How can we do ENOUGH: Displaced people from Sudan speak about their needs

Renk
Wednesday, June 19, 2024

Stephen Leonard Epiu, technical lead for World Vision in South Sudan’s health, nutrition, water, sanitation, and hygiene interventions, recently visited the temporary settlements for the refugees and South Sudanese returnees from Sudan. In this short reflection piece, Stephen shares how women and children are disproportionately affected by humanitarian crises and why their needs need to be prioritised.

 

Juba, South Sudan -- I recently visited World Vision South Sudan’s emergency response operations in Renk County, Upper Nile State. Alongside another WV staff member, I conducted a focus group discussion (FGD) with the 'new arrivals' at the center. The term 'new arrivals' refers to people from Sudan, including refugees and South Sudanese returnees, who have fled their homes and recently crossed into South Sudan. Most refugees and returnees enter South Sudan through the Joda crossing point in Renk.

Ten new arrivals participated in the FGD, comprising eight women and two men. The FGD provided valuable insights into the experiences of people fleeing the conflict in Sudan. These insights are crucial for World Vision and other humanitarian partners as these can significantly impact the improvement of existing interventions and the development of new strategies to address the needs of refugees and returnees. Allow me to share the highlights of the FGD:

  • Women had to walk for at least 10 days before they could get a transportation that will bring them to South Sudan.
  • Women had to travel with their children without their husband because “our husbands were not allowed to come with us.”
  • Women have an average of 2-3 children.
  • All participants indicated that they were able to bring nothing with them, except for few clothes.
  • All participants claimed experiencing starvation as they spent days with limited food during their journey to South Sudan. They also arrived at Joda crossing point late – 5pm – and the humanitarian team responsible for registration had already left. They were not able to receive high energy biscuits that night and they ate nothing. “Our children are so hungry and we have nothing to give them.”
  • One of the participants used to be a university lecturer and expressed interest for any opportunities to teach and relocate to another country with her children.
  • Women participants express concern that they do not have menstrual hygiene kits. They need those urgently.
  • Among the priority needs the participants expressed include (listed based on priority):
  1. a safe place to stay free from insecurity
  2. food and cooking utensils
  3. hygiene kits
  4. containers for fetching water and for storage
  5. soap
  • For the two men who participated, they said they were only able managed to escape “because we are sick, and the doctor gave us referral letter for medical treatment.”

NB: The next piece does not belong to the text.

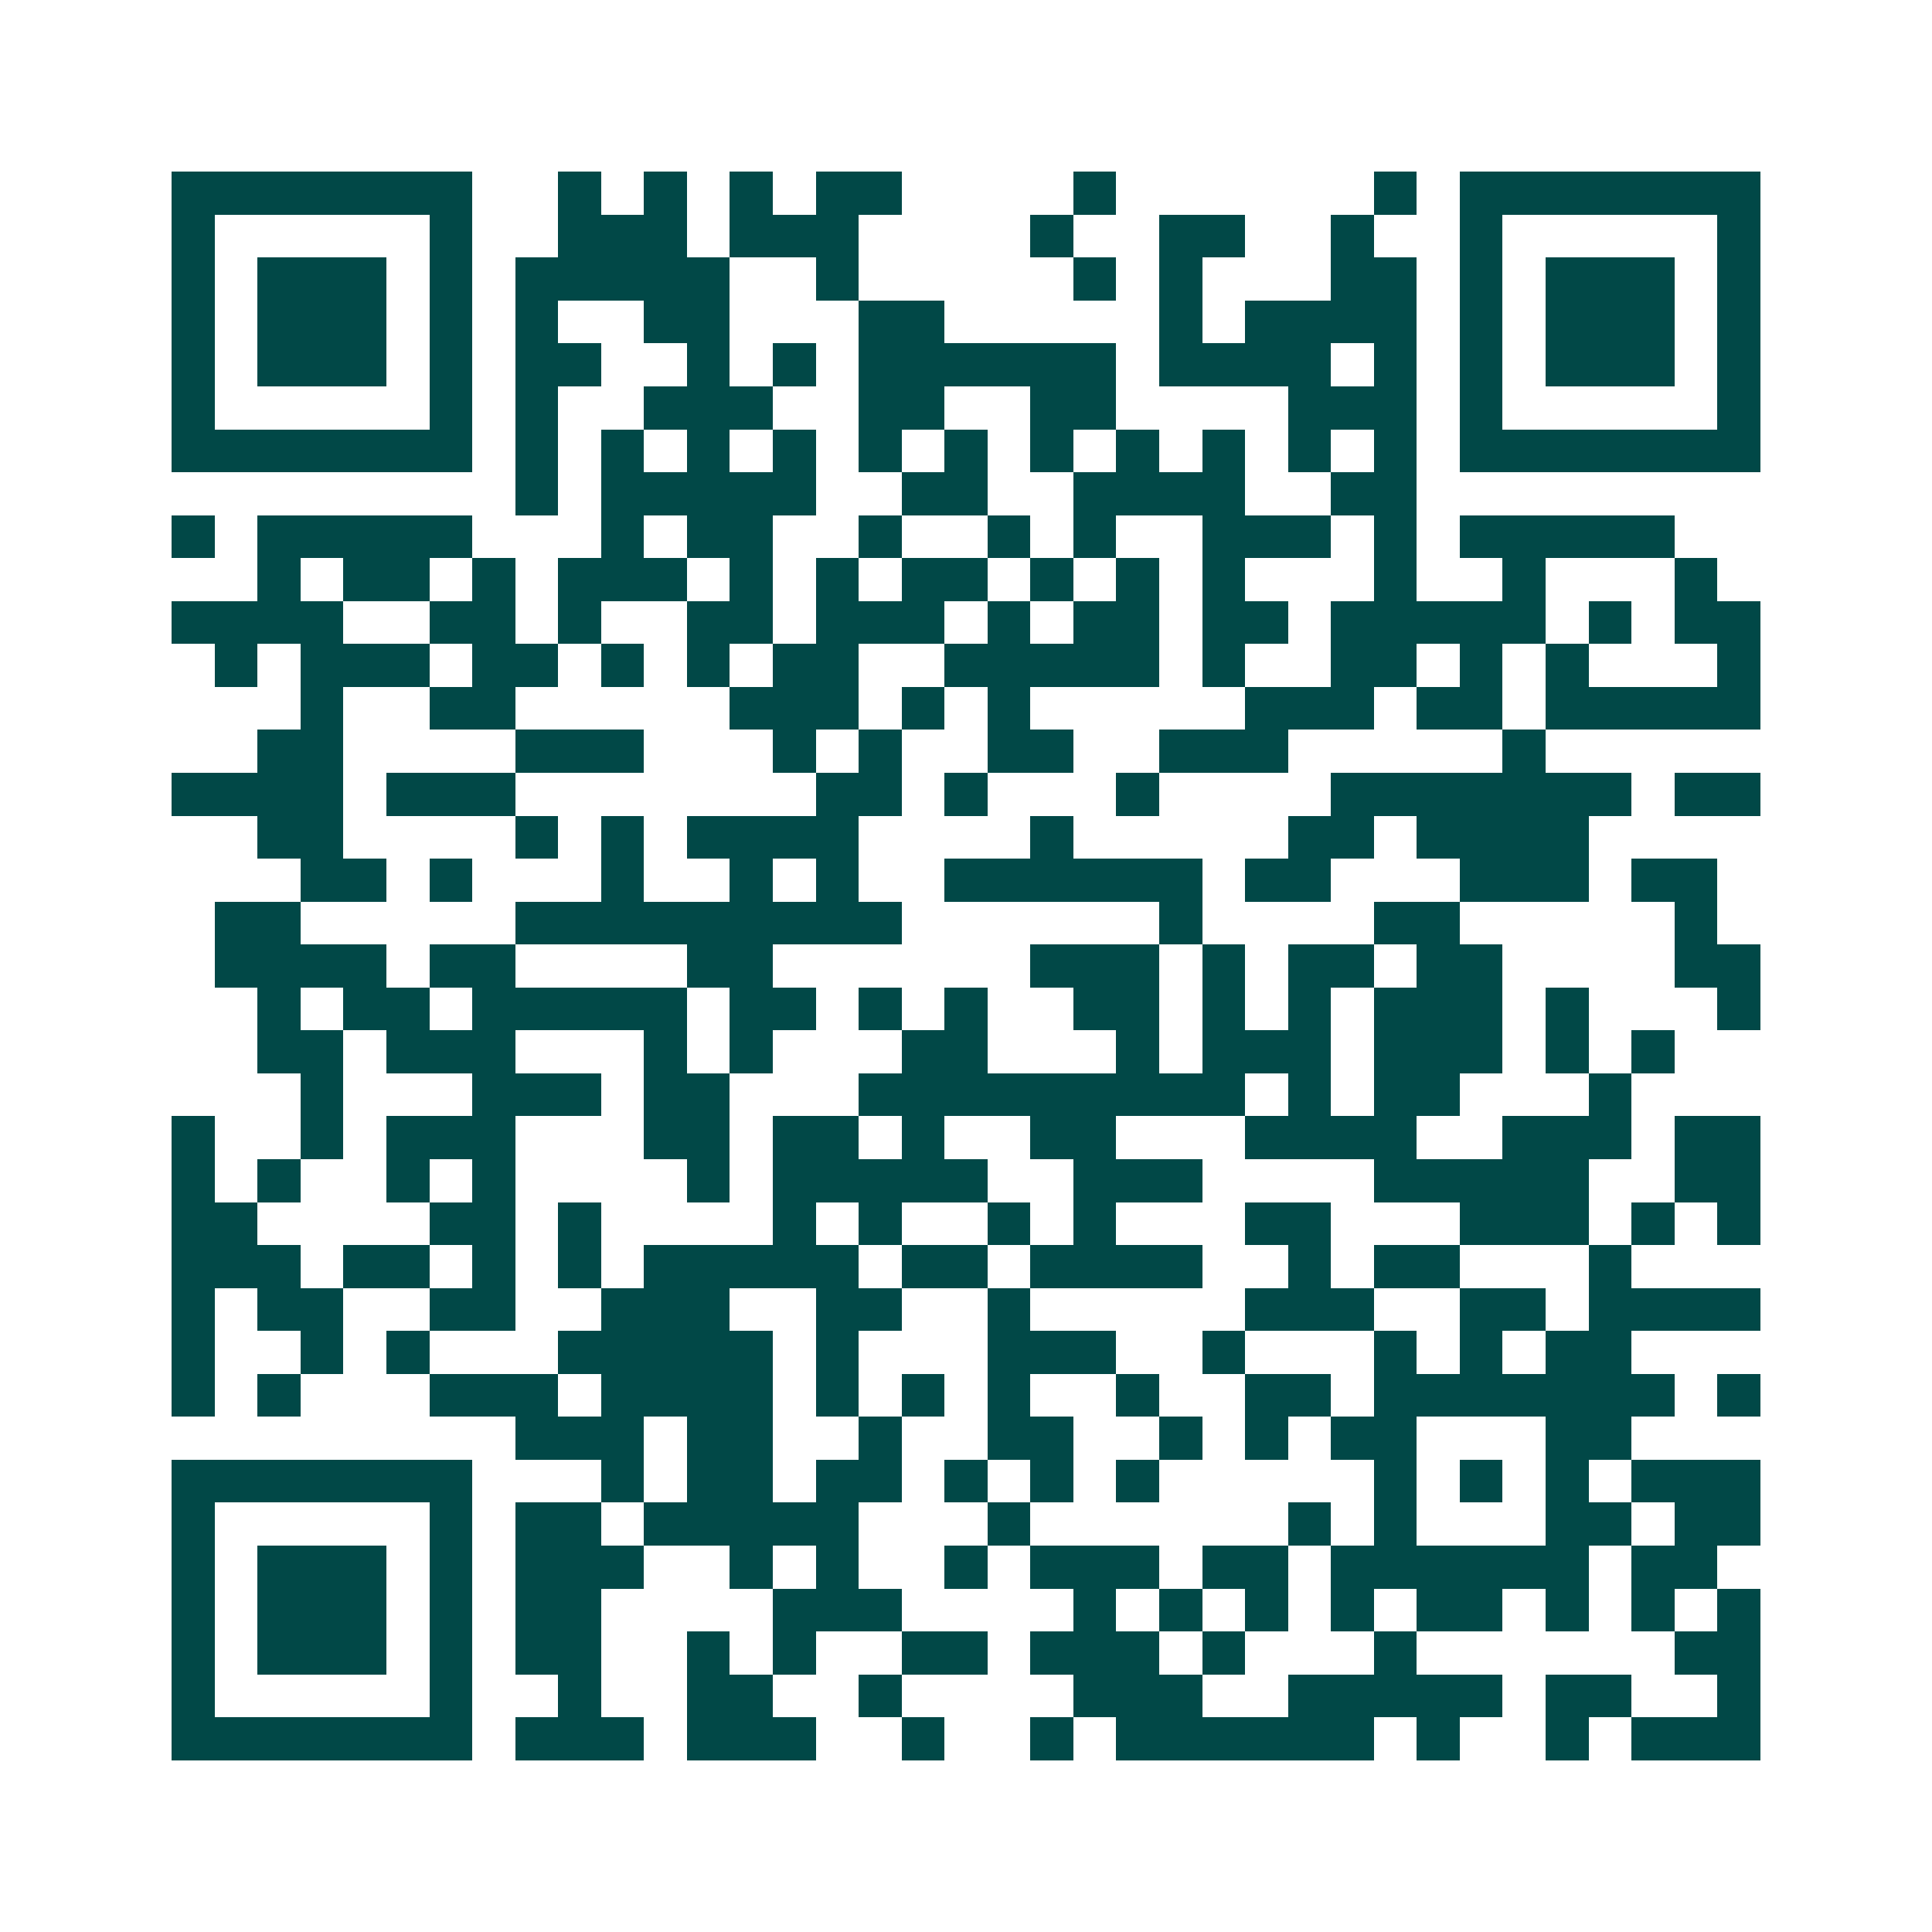 <svg xmlns="http://www.w3.org/2000/svg" width="200" height="200" viewBox="0 0 45 45" shape-rendering="crispEdges"><path fill="#ffffff" d="M0 0h45v45H0z"/><path stroke="#014847" d="M4 4.5h7m2 0h1m1 0h1m1 0h1m1 0h2m4 0h1m6 0h1m1 0h7M4 5.5h1m5 0h1m2 0h3m1 0h3m4 0h1m2 0h2m2 0h1m2 0h1m5 0h1M4 6.5h1m1 0h3m1 0h1m1 0h5m2 0h1m5 0h1m1 0h1m3 0h2m1 0h1m1 0h3m1 0h1M4 7.5h1m1 0h3m1 0h1m1 0h1m2 0h2m3 0h2m5 0h1m1 0h4m1 0h1m1 0h3m1 0h1M4 8.5h1m1 0h3m1 0h1m1 0h2m2 0h1m1 0h1m1 0h6m1 0h4m1 0h1m1 0h1m1 0h3m1 0h1M4 9.5h1m5 0h1m1 0h1m2 0h3m2 0h2m2 0h2m4 0h3m1 0h1m5 0h1M4 10.5h7m1 0h1m1 0h1m1 0h1m1 0h1m1 0h1m1 0h1m1 0h1m1 0h1m1 0h1m1 0h1m1 0h1m1 0h7M12 11.5h1m1 0h5m2 0h2m2 0h4m2 0h2M4 12.5h1m1 0h5m3 0h1m1 0h2m2 0h1m2 0h1m1 0h1m2 0h3m1 0h1m1 0h5M6 13.5h1m1 0h2m1 0h1m1 0h3m1 0h1m1 0h1m1 0h2m1 0h1m1 0h1m1 0h1m3 0h1m2 0h1m3 0h1M4 14.5h4m2 0h2m1 0h1m2 0h2m1 0h3m1 0h1m1 0h2m1 0h2m1 0h5m1 0h1m1 0h2M5 15.5h1m1 0h3m1 0h2m1 0h1m1 0h1m1 0h2m2 0h5m1 0h1m2 0h2m1 0h1m1 0h1m3 0h1M7 16.5h1m2 0h2m5 0h3m1 0h1m1 0h1m5 0h3m1 0h2m1 0h5M6 17.5h2m4 0h3m3 0h1m1 0h1m2 0h2m2 0h3m5 0h1M4 18.5h4m1 0h3m7 0h2m1 0h1m3 0h1m4 0h7m1 0h2M6 19.5h2m4 0h1m1 0h1m1 0h4m4 0h1m5 0h2m1 0h4M7 20.5h2m1 0h1m3 0h1m2 0h1m1 0h1m2 0h6m1 0h2m3 0h3m1 0h2M5 21.5h2m5 0h9m6 0h1m4 0h2m5 0h1M5 22.5h4m1 0h2m4 0h2m6 0h3m1 0h1m1 0h2m1 0h2m4 0h2M6 23.5h1m1 0h2m1 0h5m1 0h2m1 0h1m1 0h1m2 0h2m1 0h1m1 0h1m1 0h3m1 0h1m3 0h1M6 24.5h2m1 0h3m3 0h1m1 0h1m3 0h2m3 0h1m1 0h3m1 0h3m1 0h1m1 0h1M7 25.5h1m3 0h3m1 0h2m3 0h9m1 0h1m1 0h2m3 0h1M4 26.5h1m2 0h1m1 0h3m3 0h2m1 0h2m1 0h1m2 0h2m3 0h4m2 0h3m1 0h2M4 27.5h1m1 0h1m2 0h1m1 0h1m4 0h1m1 0h5m2 0h3m4 0h5m2 0h2M4 28.5h2m4 0h2m1 0h1m4 0h1m1 0h1m2 0h1m1 0h1m3 0h2m3 0h3m1 0h1m1 0h1M4 29.5h3m1 0h2m1 0h1m1 0h1m1 0h5m1 0h2m1 0h4m2 0h1m1 0h2m3 0h1M4 30.5h1m1 0h2m2 0h2m2 0h3m2 0h2m2 0h1m5 0h3m2 0h2m1 0h4M4 31.5h1m2 0h1m1 0h1m3 0h5m1 0h1m3 0h3m2 0h1m3 0h1m1 0h1m1 0h2M4 32.5h1m1 0h1m3 0h3m1 0h4m1 0h1m1 0h1m1 0h1m2 0h1m2 0h2m1 0h7m1 0h1M12 33.5h3m1 0h2m2 0h1m2 0h2m2 0h1m1 0h1m1 0h2m3 0h2M4 34.5h7m3 0h1m1 0h2m1 0h2m1 0h1m1 0h1m1 0h1m5 0h1m1 0h1m1 0h1m1 0h3M4 35.5h1m5 0h1m1 0h2m1 0h5m3 0h1m6 0h1m1 0h1m3 0h2m1 0h2M4 36.5h1m1 0h3m1 0h1m1 0h3m2 0h1m1 0h1m2 0h1m1 0h3m1 0h2m1 0h6m1 0h2M4 37.5h1m1 0h3m1 0h1m1 0h2m4 0h3m4 0h1m1 0h1m1 0h1m1 0h1m1 0h2m1 0h1m1 0h1m1 0h1M4 38.5h1m1 0h3m1 0h1m1 0h2m2 0h1m1 0h1m2 0h2m1 0h3m1 0h1m3 0h1m6 0h2M4 39.5h1m5 0h1m2 0h1m2 0h2m2 0h1m4 0h3m2 0h5m1 0h2m2 0h1M4 40.5h7m1 0h3m1 0h3m2 0h1m2 0h1m1 0h6m1 0h1m2 0h1m1 0h3"/></svg>

At the Renk Transit Center, I also met two mothers who had just given birth in the WV-supported health clinic at the transit camp. One of the mothers, 18-year-old Toma, had just given birth to her second baby, and she claimed it was a miracle to be able to do so.

"I thought I would not make it," she said. "Being pregnant, I had no idea what would become of me and my unborn baby. Thank God my husband and I escaped the conflict, but it took several weeks to reach Renk. I am glad to be in Renk because it is safe. I no longer hear the sound of gunshots. More importantly, I am glad I have safely given birth to this baby. It is like a miracle."

Emergency Health team
World Vision emergency health team in Renk.

Toma said that throughout their journey to Renk, she almost gave up. But she's glad that she held on and was able to meet our emergency health team. "The World Vision's workers were so kind. They took good care of me throughout my pregnancy. They always checked my baby and kept reassuring me that all was well," she said. World Vision staff member Rose, who is a midwife, was able to help Toma deliver her baby safely.

As always, women and children bear the most consequences of conflict. These mothers hardly had anything, yet they had to take care of themselves and their children. It is important to note that hygiene requirements for women and girls continue amidst conflict. There is a need to increase access to resources for all women and girls fleeing the war.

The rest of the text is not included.